> [Extracted records]:
::::::::::

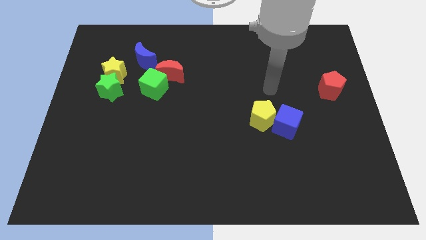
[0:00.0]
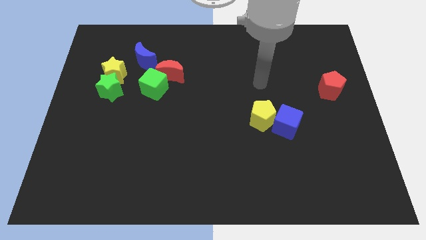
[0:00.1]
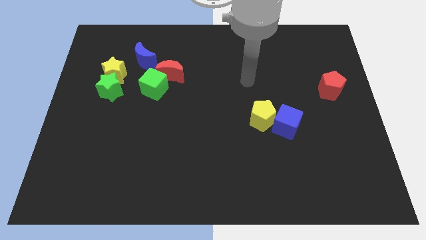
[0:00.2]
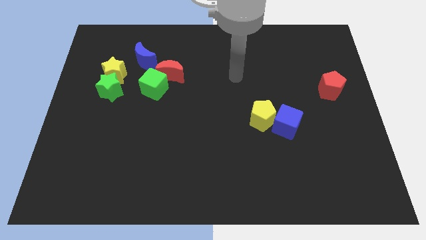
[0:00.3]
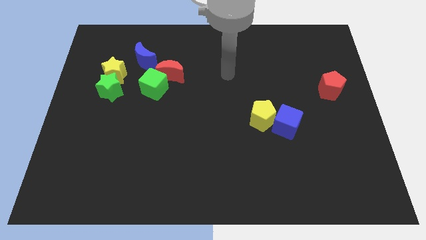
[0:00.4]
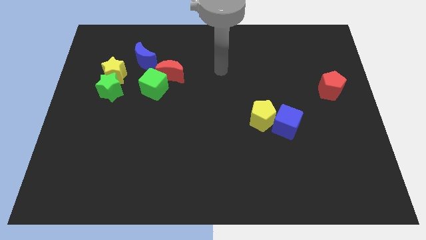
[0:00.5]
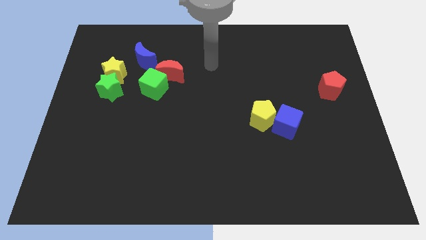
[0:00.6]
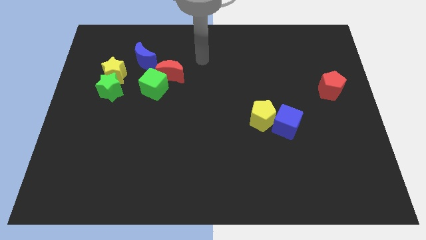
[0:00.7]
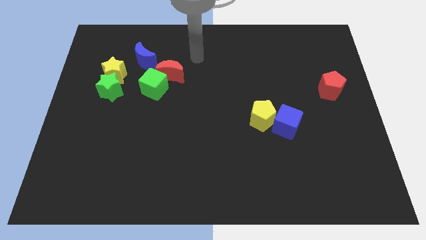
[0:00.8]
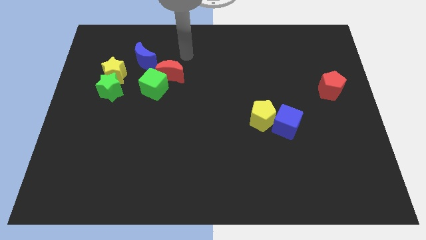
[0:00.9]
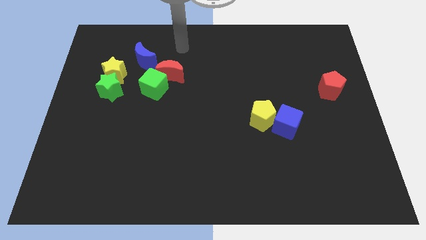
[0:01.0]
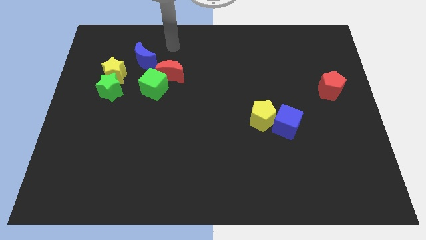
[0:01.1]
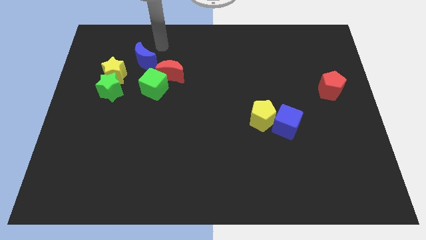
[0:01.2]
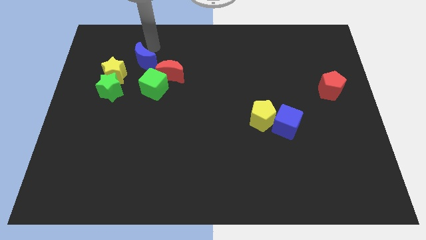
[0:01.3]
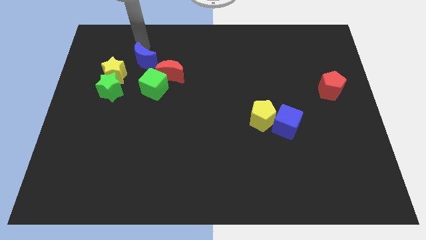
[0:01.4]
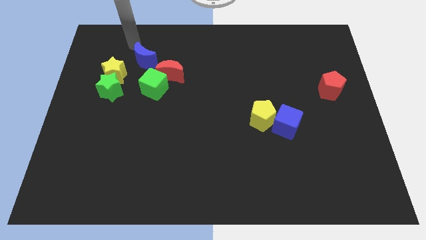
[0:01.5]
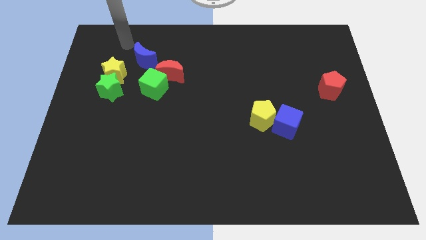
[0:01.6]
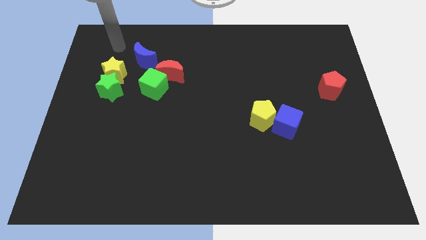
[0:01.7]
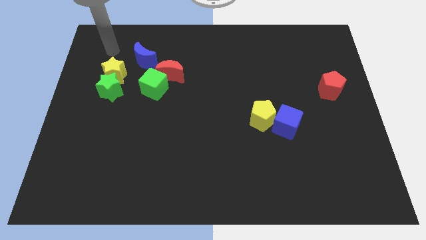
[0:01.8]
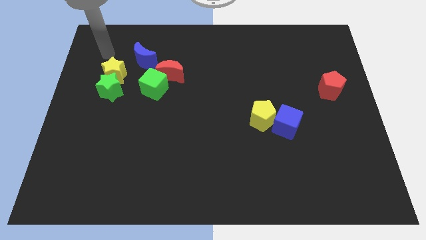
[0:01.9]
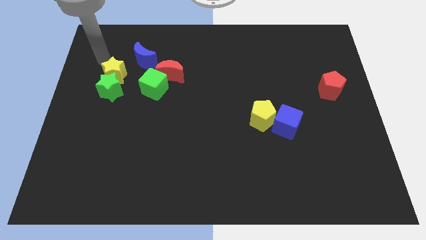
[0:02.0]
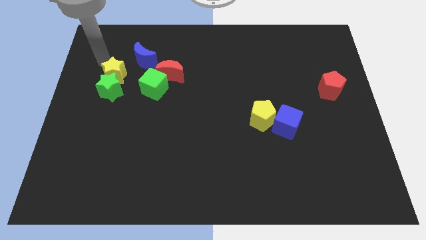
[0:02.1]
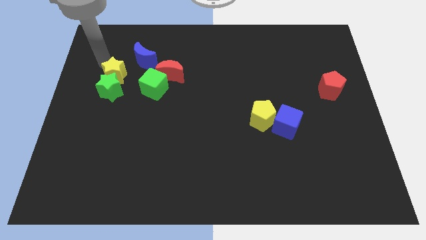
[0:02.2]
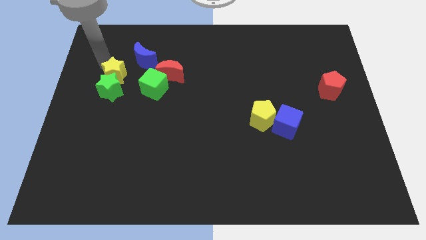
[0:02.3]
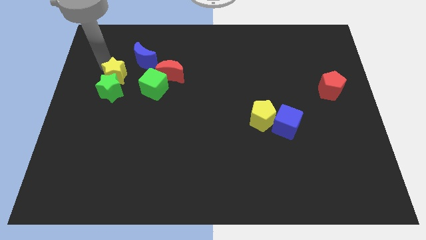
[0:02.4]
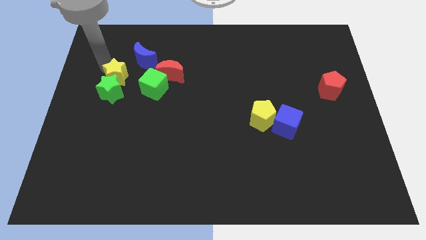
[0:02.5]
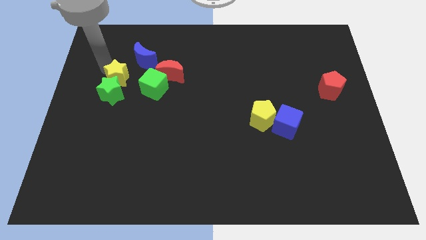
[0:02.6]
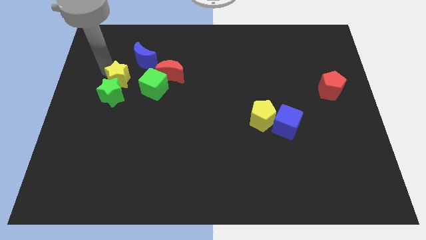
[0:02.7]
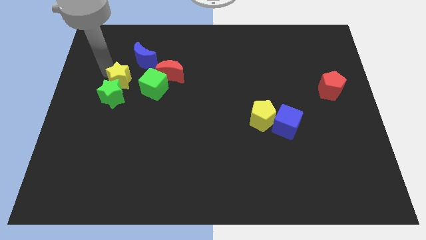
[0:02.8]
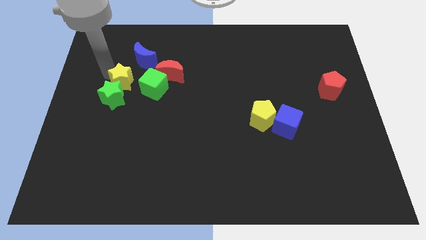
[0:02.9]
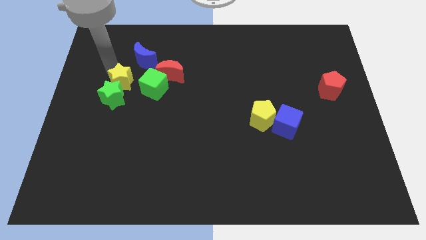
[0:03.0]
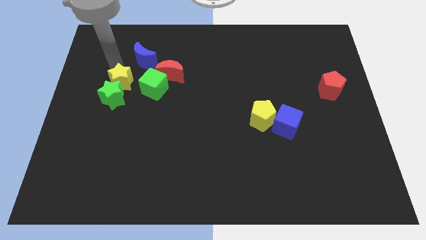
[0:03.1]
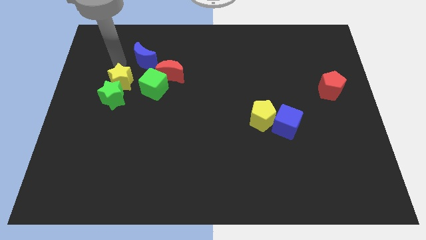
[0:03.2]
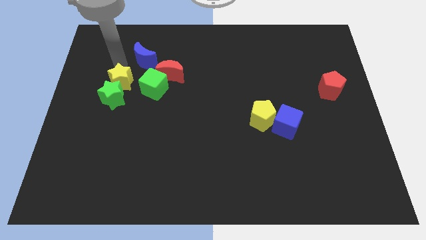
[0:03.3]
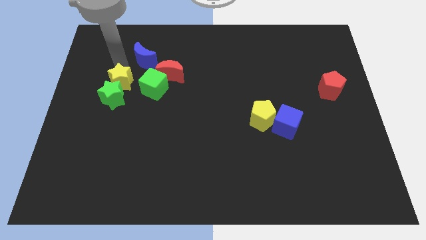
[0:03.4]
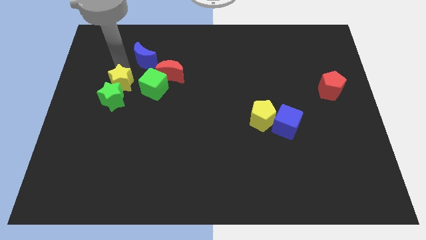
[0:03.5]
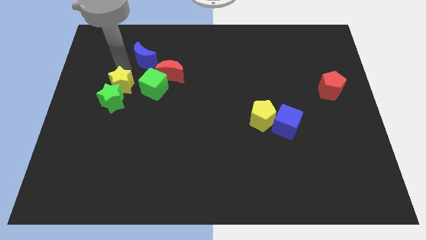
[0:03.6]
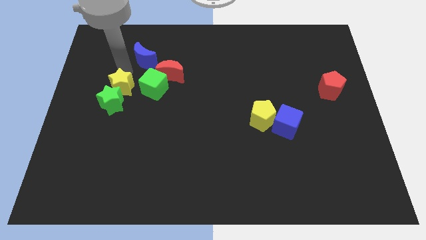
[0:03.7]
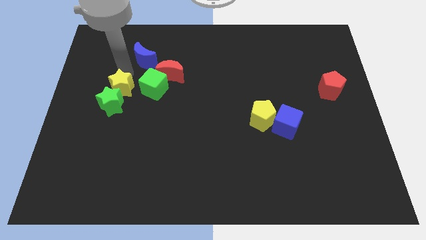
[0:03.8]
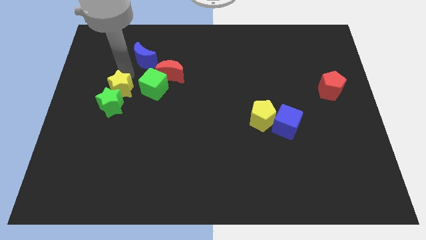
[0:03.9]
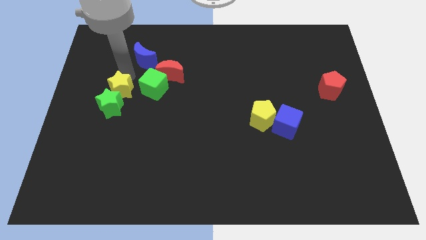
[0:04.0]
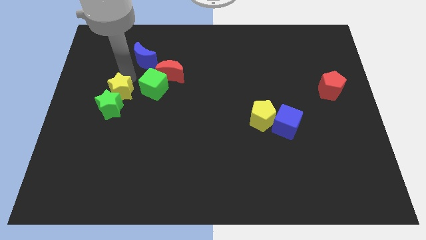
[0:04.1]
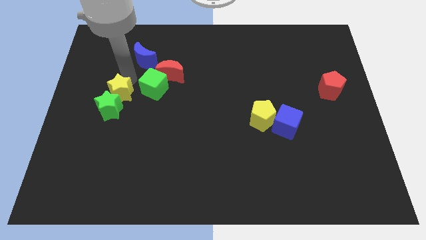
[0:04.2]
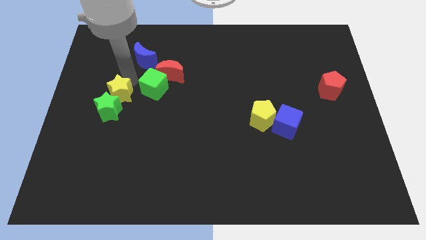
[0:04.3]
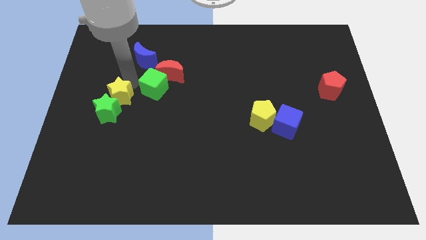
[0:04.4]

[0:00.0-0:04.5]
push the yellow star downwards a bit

::::::::::

> [Instructions for the task]: Where the material above includes pictures, omit them and retype everything else exactly.

> [Solution]:
[0:00.0]
[0:00.1]
[0:00.2]
[0:00.3]
[0:00.4]
[0:00.5]
[0:00.6]
[0:00.7]
[0:00.8]
[0:00.9]
[0:01.0]
[0:01.1]
[0:01.2]
[0:01.3]
[0:01.4]
[0:01.5]
[0:01.6]
[0:01.7]
[0:01.8]
[0:01.9]
[0:02.0]
[0:02.1]
[0:02.2]
[0:02.3]
[0:02.4]
[0:02.5]
[0:02.6]
[0:02.7]
[0:02.8]
[0:02.9]
[0:03.0]
[0:03.1]
[0:03.2]
[0:03.3]
[0:03.4]
[0:03.5]
[0:03.6]
[0:03.7]
[0:03.8]
[0:03.9]
[0:04.0]
[0:04.1]
[0:04.2]
[0:04.3]
[0:04.4]

[0:00.0-0:04.5]
push the yellow star downwards a bit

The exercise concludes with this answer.